Otherwise, if enabled, the DW eDMA backend is used. If neither is
available, we continue to use doorbells. Existing systems remain unaffected
unless use_intr=1 is set.
Example layout (R-Car S4):
BAR0: Config/Spad
BAR2 [0x00000-0xF0000]: MW1 (data)
BAR2 [0xF0000-0xF8000]: MW2 (interrupts)
BAR4: Doorbell
# The corresponding configfs settings (see Patch #25):
echo 0xF0000 > ./mw1
echo 0x8000 > ./mw2
echo 0xF0000 > ./mw2_offset
echo 2 > ./mw1_bar
echo 2 > ./mw2_bar
Summary of changes
==================
* NTB core/transport
- Introduce struct ntb_intr_backend and convert MSI to the new backend.
- Add DW eDMA interrupt backend (CONFIG_NTB_DW_EDMA) as MSI-less fallback.
- Rename module parameter to use_intr (keep use_msi as deprecated alias).
- Support offsetted partial MWs in ntb_transport.

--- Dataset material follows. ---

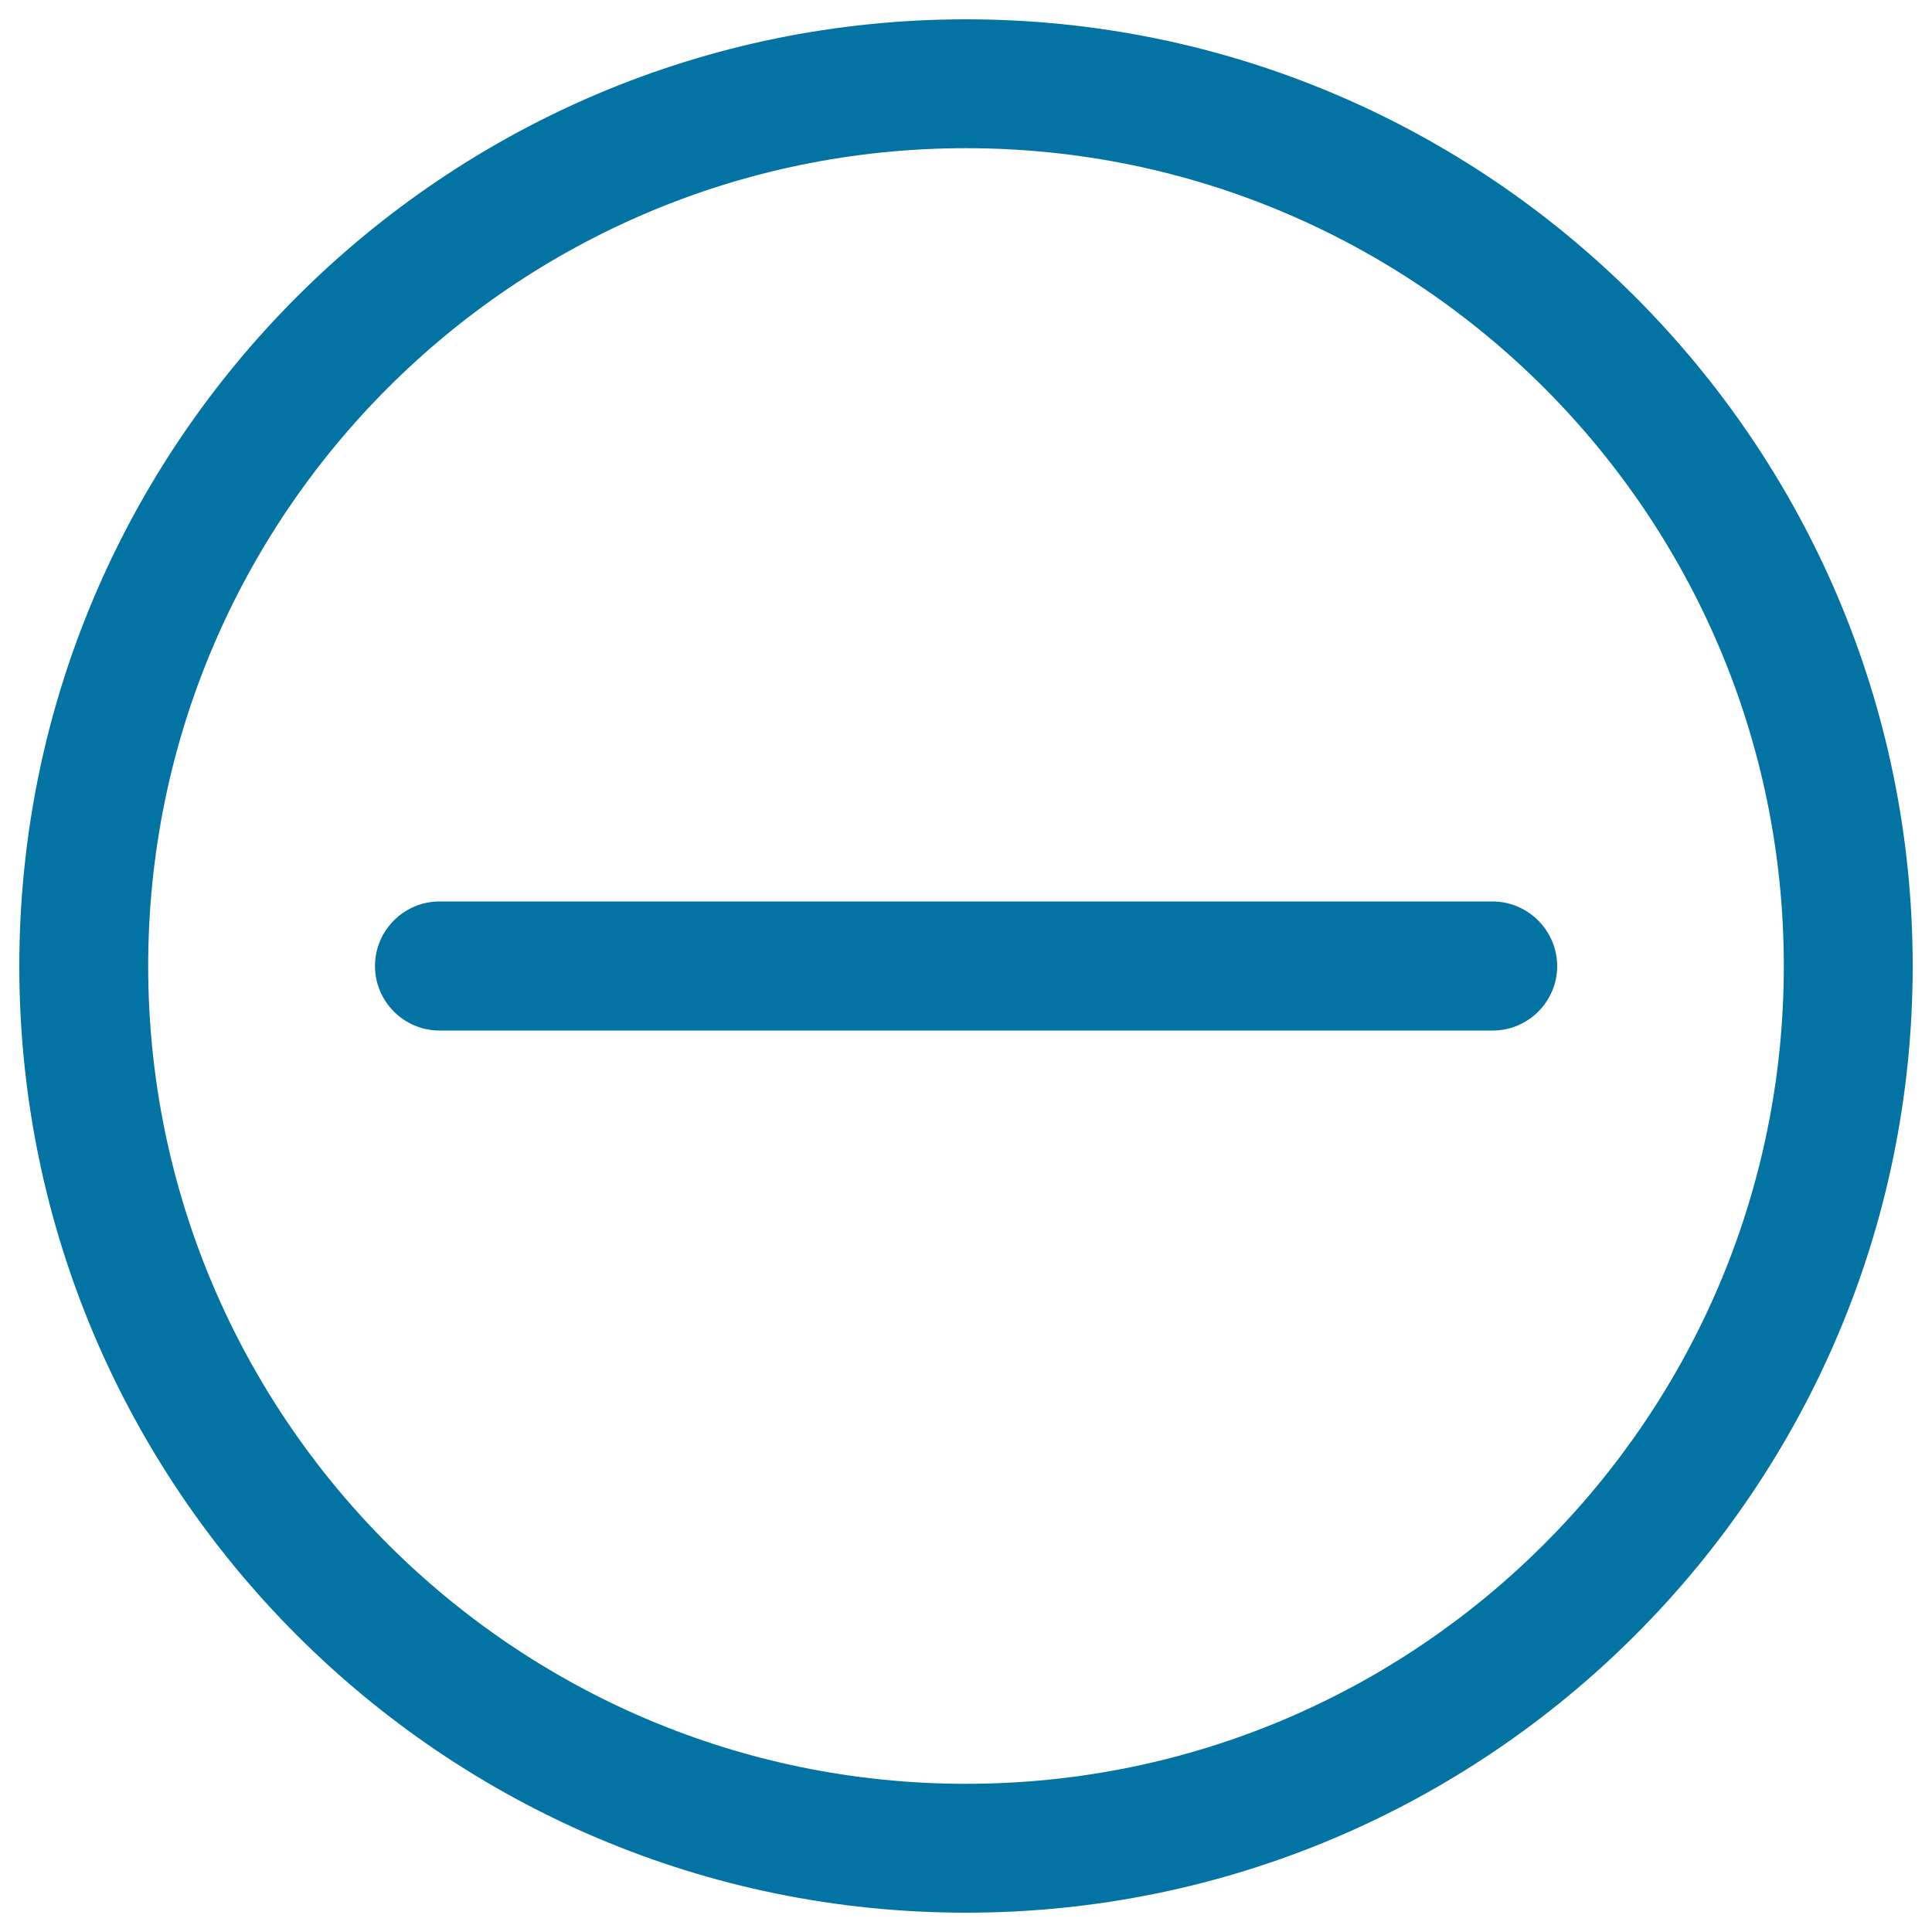 <svg xmlns="http://www.w3.org/2000/svg" viewBox="0 0 1000 1000" style="fill:#0273a2">
<title>Minus Maths Button SVG icon</title>
<g><g><path d="M772.5,466.6H227.5c-18.4,0-33.4,15-33.4,33.4c0,18.4,15,33.4,33.4,33.4h545.1c18.4,0,33.4-15,33.4-33.4C805.9,481.6,790.9,466.6,772.5,466.6z"/><path d="M500,10C229.7,10,10,229.7,10,500c0,270.3,219.7,490,490,490c270.3,0,490-219.7,490-490C990,229.7,770.3,10,500,10z M500,923.3C266.4,923.3,76.7,733.6,76.7,500S266.4,76.7,500,76.7c233.6,0,423.3,189.7,423.3,423.3C923.3,733.6,733.6,923.3,500,923.3z"/></g></g>
</svg>

- Hardening for peer-reported interrupt values and minor cleanups.
* PCI Endpoint core and DWC EP controller
- Add EPC ops map_inbound()/unmap_inbound() for BAR subrange mapping.
- Implement inbound mapping for DesignWare EP (Address Match mode), with
tracking of multiple inbound iATU entries per BAR and proper teardown.
* EPF vNTB
- Add mwN_offset configfs attributes and propagate offsets to inbound maps.
- Prefer pci_epc_map_inbound() when supported. Otherwise fall back to
set_bar().
- Provide .get_pci_epc() so backends can locate the common eDMA instance.
* DW eDMA
- Add self-interrupt registration and expose test-IRQ register offsets.
- Provide dw_edma_find_by_child().
* Renesas R-Car
- Place MW2 in BAR2 to host the interrupt window alongside the data MW.
* Documentation
Patch layout
============
* Patches 01-11 : BAR subrange and MW offsets (EPC/DWC EP, vNTB, core helpers)
* Patches 12-14 : Interrupt handling hardening in ntb_transport/MSI
* Patches 15-17 : DW eDMA: self-IRQ API, offsets, lookup helper
* Patches 18-19 : NTB/EPF glue (.get_pci_epc())
* Patch 20 : Module param name change (use_msi->use_intr, alias preserved)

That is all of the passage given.